- _Data in this exercise_
>>>>>

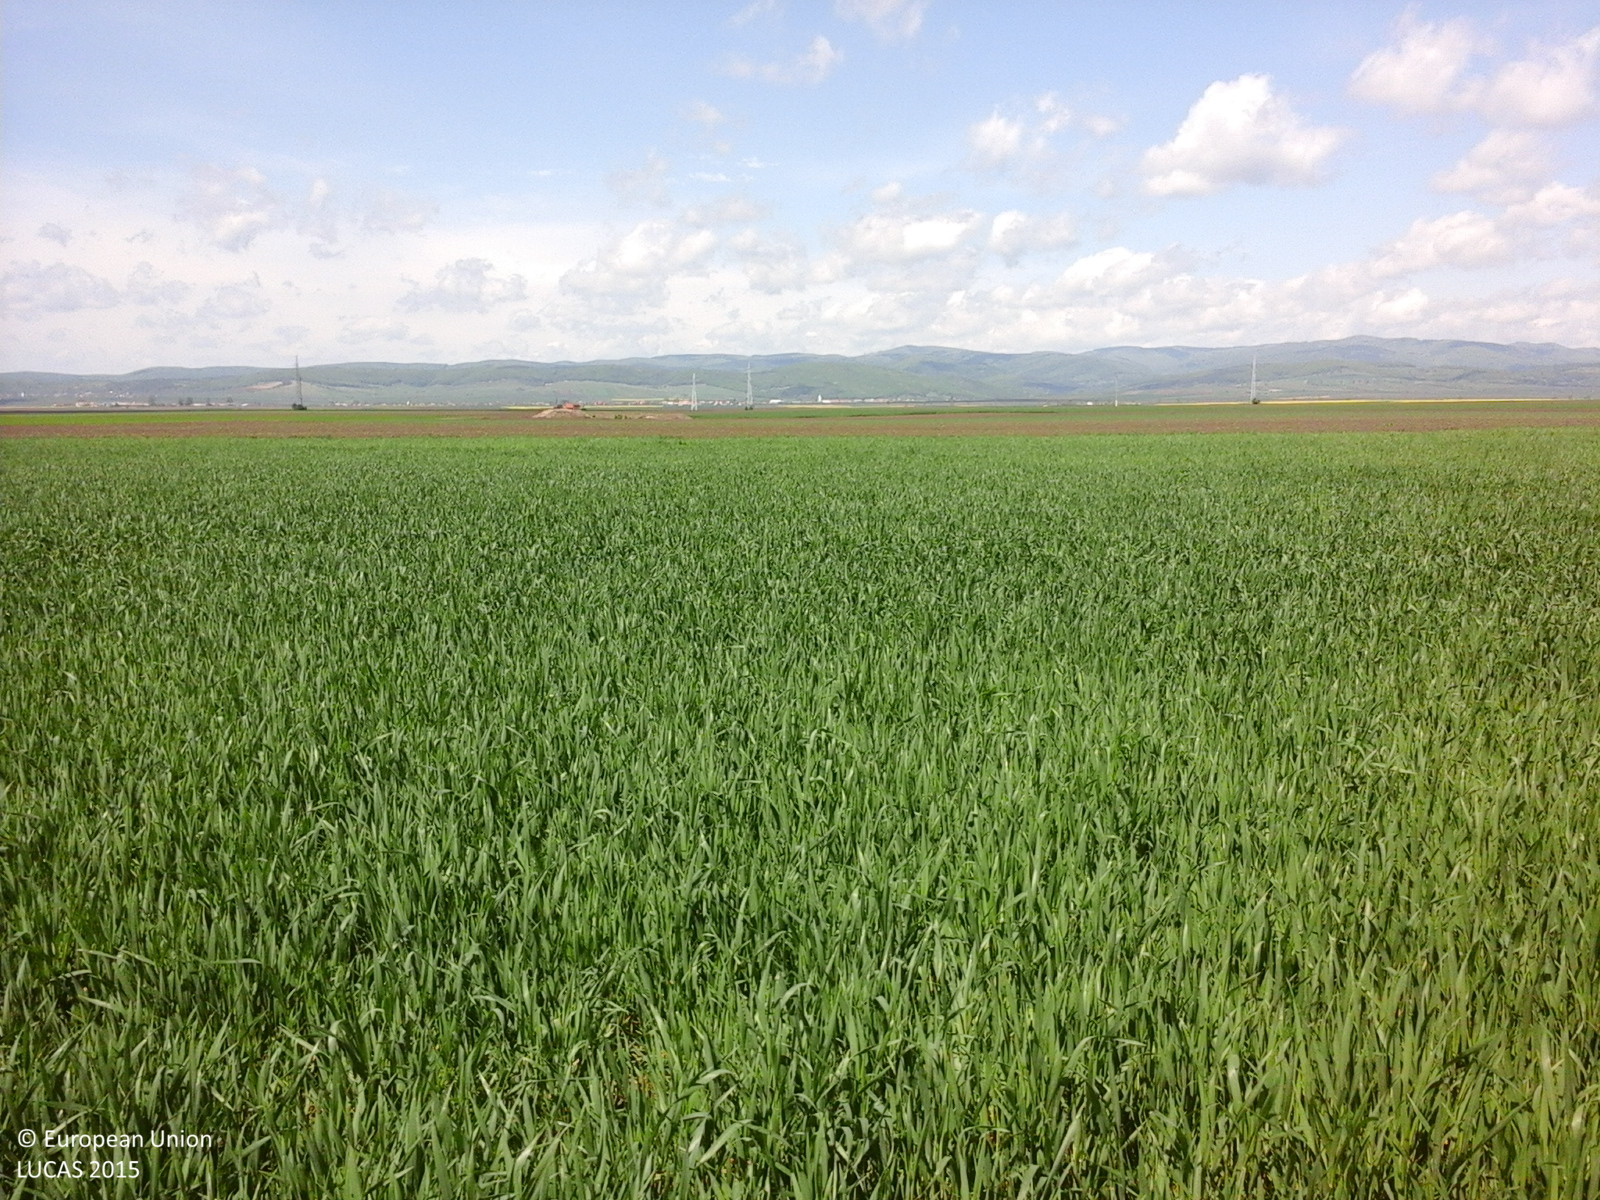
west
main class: Cropland
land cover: Common wheat
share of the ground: > 75 %
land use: Agriculture (excluding fallow land and kitchen gardens)
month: May
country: RO
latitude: 45.9469
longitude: 26.1024

<<<<<

- _How to complete this task_
Copy the lines from the one with "land cover: Common wheat" through the last line of the material above, exactly as they are and with no others.

- _The completed task_
land cover: Common wheat
share of the ground: > 75 %
land use: Agriculture (excluding fallow land and kitchen gardens)
month: May
country: RO
latitude: 45.9469
longitude: 26.1024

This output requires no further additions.